Vatikan stellt Erzbischof wegen Missbrauchsvorwurf unter Hausarrest

"Null Toleranz"

Der Vatikan hat einen ehemaligen Erzbischof unter Hausarrest gestellt. Der frühere Vatikanbotschafter in der Dominikanischen Republik, Josef Wesolowski, soll in der Karibik mehrere Jungen sexuell missbraucht haben.

Autor/in:
Thomas Jansen
Jozef Wesolowski (dpa)
Jozef Wesolowski / ( dpa )

Die Kleinen fängt man und die Großen lässt man laufen - diesen Vorwurf bekam auch der Vatikan nicht selten zu hören, wenn es um die Ahndung sexuellen Missbrauchs ging: Einfachen Priestern lege man das Handwerk, Bischöfe, Erzbischöfe und Kardinäle hingegen blieben unbehelligt, meinte zuletzt auch das UN-Kinderschutzkomitee. Nun hat der vatikanische Staatsanwalt den früheren Botschafter des Heiligen Stuhls in der Dominikanischen Republik, Jozef Wesolowski (66), unter Hausarrest gestellt. Es ist das erste Mal, dass der Vatikan derart streng gegen einen Erzbischof und vatikanischen Staatsbürger vorgeht. Dem polnischen Geistlichen wird vorgeworfen, Minderjährige für sexuelle Handlungen bezahlt zu haben.

Der Hausarrest für Wesolowski ist das spektakulärste Beispiel für die "Null-Toleranz"-Politik im Kampf gegen sexuellen Missbrauch, die Franziskus von seinem Vorgänger Benedikt XVI. übernahm. Mit dieser Maßnahme habe der vatikanische Staatsanwalt den "ausdrücklichen Willen" des Papstes befolgt, heißt es in der Pressemitteilung des Heiligen Stuhls vom Dienstagabend. Franziskus wünsche, dass ein "derart schwerwiegender und delikater Fall ohne Verzögerungen und mit der rechten und notwendigen Strenge" behandelt werde.

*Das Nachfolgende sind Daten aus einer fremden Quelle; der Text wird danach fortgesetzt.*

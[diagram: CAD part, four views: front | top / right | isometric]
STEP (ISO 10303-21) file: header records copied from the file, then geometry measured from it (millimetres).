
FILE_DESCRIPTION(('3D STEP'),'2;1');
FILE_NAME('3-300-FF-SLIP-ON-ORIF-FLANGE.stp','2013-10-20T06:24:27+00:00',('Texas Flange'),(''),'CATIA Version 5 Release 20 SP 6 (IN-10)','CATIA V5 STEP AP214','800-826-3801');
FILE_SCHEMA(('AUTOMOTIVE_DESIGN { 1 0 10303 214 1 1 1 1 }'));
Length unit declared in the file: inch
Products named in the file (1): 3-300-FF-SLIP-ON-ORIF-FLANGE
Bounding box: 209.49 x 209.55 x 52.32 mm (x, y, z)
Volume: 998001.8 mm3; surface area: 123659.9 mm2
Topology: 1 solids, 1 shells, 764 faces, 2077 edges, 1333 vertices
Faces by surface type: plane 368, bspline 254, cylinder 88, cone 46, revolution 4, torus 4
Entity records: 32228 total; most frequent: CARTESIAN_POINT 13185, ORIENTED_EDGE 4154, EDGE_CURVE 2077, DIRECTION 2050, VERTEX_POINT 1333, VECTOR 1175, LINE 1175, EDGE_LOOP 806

Ob der sich direkt in das Verfahren eingeschaltet hat, blieb unklar.

Keine Auslieferung

Wesolowski wird vorgeworfen, in der Dominikanischen Republik zwischen 2008 und 2013 Jungen sexuell missbraucht zu haben. Im Sommer 2013 berichtete darüber erstmals ein privater Fernsehsender der Dominikanischen Republik über die Anschuldigungen. Demnach soll Wesolowski unter anderem an einem Strand Minderjährige für sexuelle Handlungen bezahlt haben.

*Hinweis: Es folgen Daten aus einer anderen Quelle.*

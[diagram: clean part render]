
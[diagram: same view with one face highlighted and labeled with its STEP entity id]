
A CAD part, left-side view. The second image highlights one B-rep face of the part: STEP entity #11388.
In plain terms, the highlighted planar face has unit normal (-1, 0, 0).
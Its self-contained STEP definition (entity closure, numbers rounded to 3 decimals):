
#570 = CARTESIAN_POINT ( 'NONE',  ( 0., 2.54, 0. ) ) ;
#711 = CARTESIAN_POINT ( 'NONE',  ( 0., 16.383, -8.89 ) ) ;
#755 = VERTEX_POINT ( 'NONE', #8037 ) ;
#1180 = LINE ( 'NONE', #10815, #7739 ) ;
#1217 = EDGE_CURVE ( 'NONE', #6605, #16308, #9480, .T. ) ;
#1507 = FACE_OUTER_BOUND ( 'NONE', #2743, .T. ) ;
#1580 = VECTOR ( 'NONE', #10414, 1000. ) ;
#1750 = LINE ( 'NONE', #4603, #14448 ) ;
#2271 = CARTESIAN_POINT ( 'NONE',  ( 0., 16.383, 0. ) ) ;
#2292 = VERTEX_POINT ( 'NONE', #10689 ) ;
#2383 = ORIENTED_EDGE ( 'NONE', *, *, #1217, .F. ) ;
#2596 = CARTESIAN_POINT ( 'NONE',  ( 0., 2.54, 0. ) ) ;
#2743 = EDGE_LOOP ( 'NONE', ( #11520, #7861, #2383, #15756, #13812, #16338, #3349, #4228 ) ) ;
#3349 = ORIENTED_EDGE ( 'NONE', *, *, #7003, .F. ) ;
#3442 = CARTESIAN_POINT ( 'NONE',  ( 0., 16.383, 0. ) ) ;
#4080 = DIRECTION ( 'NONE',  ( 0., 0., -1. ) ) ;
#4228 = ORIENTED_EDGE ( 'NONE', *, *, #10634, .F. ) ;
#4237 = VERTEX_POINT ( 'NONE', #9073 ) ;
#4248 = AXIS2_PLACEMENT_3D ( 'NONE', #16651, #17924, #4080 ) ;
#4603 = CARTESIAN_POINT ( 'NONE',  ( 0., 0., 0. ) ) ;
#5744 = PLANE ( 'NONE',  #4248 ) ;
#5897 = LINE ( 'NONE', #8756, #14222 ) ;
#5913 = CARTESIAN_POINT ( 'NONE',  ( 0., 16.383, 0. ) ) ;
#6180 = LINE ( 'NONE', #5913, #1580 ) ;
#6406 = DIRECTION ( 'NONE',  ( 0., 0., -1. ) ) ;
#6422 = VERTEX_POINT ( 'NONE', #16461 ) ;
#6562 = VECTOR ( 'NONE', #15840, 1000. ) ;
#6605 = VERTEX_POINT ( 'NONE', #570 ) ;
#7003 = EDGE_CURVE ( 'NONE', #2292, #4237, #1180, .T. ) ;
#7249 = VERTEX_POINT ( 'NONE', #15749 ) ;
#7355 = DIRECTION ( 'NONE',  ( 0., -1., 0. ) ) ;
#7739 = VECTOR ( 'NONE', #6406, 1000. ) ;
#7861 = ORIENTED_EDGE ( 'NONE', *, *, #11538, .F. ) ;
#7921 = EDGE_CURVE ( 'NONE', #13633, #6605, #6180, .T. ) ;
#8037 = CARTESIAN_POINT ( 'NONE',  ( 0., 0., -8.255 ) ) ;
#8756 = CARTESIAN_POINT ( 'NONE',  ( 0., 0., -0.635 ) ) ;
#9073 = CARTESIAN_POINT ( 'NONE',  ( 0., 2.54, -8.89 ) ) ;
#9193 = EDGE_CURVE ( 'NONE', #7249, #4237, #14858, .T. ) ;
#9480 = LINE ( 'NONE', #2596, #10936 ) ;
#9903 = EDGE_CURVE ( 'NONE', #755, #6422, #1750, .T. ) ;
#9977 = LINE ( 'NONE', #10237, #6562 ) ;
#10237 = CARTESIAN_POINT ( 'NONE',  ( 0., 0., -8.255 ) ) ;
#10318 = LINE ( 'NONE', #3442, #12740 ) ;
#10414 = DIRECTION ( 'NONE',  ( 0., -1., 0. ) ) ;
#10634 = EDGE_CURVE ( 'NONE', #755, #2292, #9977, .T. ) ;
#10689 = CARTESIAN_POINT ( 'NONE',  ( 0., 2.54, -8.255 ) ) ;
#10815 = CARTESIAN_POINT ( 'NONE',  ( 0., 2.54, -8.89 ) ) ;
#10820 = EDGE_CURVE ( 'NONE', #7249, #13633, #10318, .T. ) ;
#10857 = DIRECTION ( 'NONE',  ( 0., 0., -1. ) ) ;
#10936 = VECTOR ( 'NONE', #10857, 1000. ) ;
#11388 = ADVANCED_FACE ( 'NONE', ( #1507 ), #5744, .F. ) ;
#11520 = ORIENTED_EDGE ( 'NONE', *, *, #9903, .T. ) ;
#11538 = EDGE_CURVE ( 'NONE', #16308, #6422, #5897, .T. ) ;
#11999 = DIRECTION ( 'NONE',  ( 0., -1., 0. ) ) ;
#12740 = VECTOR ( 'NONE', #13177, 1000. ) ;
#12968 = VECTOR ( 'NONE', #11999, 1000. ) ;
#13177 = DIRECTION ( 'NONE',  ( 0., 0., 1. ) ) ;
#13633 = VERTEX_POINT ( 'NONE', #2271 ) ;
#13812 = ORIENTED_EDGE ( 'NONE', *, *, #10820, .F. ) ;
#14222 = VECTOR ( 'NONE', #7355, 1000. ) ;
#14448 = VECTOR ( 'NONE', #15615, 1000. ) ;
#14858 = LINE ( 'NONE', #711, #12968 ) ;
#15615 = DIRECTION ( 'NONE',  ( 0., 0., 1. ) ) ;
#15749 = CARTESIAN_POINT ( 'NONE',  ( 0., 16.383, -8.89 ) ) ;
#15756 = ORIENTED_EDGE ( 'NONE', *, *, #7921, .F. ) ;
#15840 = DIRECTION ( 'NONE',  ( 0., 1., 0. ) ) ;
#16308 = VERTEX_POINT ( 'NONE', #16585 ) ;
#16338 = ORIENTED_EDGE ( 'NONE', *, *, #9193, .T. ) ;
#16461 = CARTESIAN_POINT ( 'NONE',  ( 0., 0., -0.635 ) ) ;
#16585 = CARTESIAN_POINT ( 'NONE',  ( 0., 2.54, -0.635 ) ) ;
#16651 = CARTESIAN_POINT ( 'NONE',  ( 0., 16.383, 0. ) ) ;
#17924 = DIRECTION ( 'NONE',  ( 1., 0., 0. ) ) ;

Groß war die Aufregung, als der Vatikan den Botschafter im August 2013 nach Rom beorderte und unter Berufung auf seine Immunität nicht an die Dominikanische Republik und an Polen ausliefern wollte. Die Kirchenleitung sah sich dem Vorwurf ausgesetzt, sie wolle Wesolowski einer Strafe entziehen. Der Vatikan versicherte hingegen, dass Wesolowski von der eigenen Justiz der Prozess gemacht werde. Es gebe im Kampf gegen sexuellen Missbrauch für niemanden Privilegien, sagte der Papst Ende Mai. Im Juli traf er im Gästehaus Santa Marta erstmals mit sechs Missbrauchsopfern zusammen. Zuvor hatte er im Januar eine Kinderschutzkommission eingerichtet.

Der Fall Wesolowski ist ohne Vorbild. Beim Wiener Kardinal Hans Hermann Groer (1919-2003) etwa, dem ebenfalls sexueller Missbrauch vorgeworfen wurde, verzichtete der Vatikan in den 1990er Jahren auf rechtliche Schritte - gegen den Willen des damaligen Präfekten der vatikanischen Glaubenskongregation, Kardinal Joseph Ratzinger. Der belgische Bischof Roger Vangheluwe, der 2010 wegen sexuellen Missbrauchs seines Neffen zurücktrat, konnte vom Vatikan nicht mehr juristisch belangt werden, weil das Vergehen zu diesem Zeitpunkt nach dem Kirchenrecht schon verjährt war.

Entlassung aus dem Priesterstand

Der Untersuchungshaft entging Wesolowski offenbar nur, weil sein angeschlagener Gesundheitszustand dies nicht zulässt. Nach vatikanischen Angaben befindet sich der Beschuldigte in "Räumlichkeiten innerhalb des Vatikanstaats". Italienische Medien berichten, er werde im vatikanischen Gerichtsgebäude festgehalten.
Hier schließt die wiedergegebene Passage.